Seconda ragione: in politica estera il PD è identico alle destre. Completo servilismo e assoluta obbedienza nei confronti della Europa, degli Usa e della NATO. Sostegno alla guerra in Ucraina e mancata denuncia dei crimini di Israele.
Terza ragione: La sinistra italiana si muove storicamente entro un’ottica di legalismo statalista e giustizialista. La repressione non attraverso la polizia, ma soprattutto attraverso la magistratura.
Come uscire da questa impasse? È necessario che un’area di sinistra radicale faccia valere la sua identità e la sua presenza. Forse un passo avanti può essere fatto riflettendo sulle forme di lotta da adottare.
Lancio un sasso come stimolo alla discussione senza pretesa di certezze.

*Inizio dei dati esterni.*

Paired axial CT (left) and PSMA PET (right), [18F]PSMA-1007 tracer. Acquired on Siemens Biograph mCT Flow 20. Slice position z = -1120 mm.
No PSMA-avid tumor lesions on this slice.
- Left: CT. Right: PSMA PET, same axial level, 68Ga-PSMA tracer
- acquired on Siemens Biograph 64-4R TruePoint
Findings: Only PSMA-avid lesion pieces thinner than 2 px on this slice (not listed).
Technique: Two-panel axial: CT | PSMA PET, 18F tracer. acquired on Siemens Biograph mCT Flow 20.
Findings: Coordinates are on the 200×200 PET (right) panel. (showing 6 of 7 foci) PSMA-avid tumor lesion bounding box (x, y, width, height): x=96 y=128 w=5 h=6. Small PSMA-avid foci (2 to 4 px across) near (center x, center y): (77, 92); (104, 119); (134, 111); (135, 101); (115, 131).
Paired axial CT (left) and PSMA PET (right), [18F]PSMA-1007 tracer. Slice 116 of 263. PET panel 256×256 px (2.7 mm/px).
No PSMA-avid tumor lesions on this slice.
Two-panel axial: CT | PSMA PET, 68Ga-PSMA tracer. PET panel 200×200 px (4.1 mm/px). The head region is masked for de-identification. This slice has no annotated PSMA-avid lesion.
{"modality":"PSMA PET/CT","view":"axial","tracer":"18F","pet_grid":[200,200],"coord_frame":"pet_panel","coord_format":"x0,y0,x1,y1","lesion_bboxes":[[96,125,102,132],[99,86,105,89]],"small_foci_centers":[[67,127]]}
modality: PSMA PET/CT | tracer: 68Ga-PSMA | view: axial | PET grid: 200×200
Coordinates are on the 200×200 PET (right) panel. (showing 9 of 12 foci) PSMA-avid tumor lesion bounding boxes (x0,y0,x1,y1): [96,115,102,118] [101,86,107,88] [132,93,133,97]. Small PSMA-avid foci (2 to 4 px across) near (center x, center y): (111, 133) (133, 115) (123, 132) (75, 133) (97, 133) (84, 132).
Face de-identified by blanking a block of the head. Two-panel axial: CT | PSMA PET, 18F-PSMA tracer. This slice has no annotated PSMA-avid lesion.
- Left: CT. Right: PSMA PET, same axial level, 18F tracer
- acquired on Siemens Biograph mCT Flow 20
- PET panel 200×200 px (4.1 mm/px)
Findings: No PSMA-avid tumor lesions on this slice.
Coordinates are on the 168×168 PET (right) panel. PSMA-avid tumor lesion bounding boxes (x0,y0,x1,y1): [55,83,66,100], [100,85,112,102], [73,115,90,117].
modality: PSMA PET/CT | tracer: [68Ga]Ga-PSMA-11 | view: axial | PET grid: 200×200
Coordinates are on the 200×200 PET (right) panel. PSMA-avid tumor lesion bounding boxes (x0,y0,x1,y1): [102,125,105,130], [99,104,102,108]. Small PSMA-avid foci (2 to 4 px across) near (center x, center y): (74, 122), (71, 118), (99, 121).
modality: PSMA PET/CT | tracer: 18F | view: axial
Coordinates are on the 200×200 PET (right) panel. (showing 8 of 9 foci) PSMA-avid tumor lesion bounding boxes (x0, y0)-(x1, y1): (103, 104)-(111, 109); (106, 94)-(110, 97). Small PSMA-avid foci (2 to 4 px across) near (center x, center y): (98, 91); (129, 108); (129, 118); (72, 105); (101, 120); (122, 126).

Quando non è possibile contare sui grandi numeri di masse già coinvolte su precisi obiettivi, l’azione delle minoranze, che si ipotizzano come “avanguardie”, deve puntare sul gesto clamoroso e di grande visibilità, improntato ovviamente a logiche di resistenza passiva PACIFICA E NONVIOLENTA (scritte maiuscole a ulteriore chiarezza d’intenti e a scanso di equivoci).
Non è un caso che il “decreto sicurezza” del governo è stato anche definito come norma “anti Gandhi”, almeno per quella parte che colpisce con diversi anni di carcere anche manifestazioni pacifiche come sit in di protesta, occupazioni simboliche, ecc.
Bisogna avere il coraggio di rimettersi sempre in gioco e sapere sfidare la repressione poliziesca sperimentando nuove forme di lotta: la pratica (o meglio: le pratiche) della DISUBBIDIENZA CIVILE nonviolenta, (naturalmente sempre in modi attenti e studiati) potrebbe oggi essere necessaria per dare nuova linfa all’opposizione sociale, contro le destre al potere e per marcare una netta distinzione di intenti con le false sinistre all’opposizione. Nessun imperativo categorico ma una ipotesi a cui cominciare a pensare.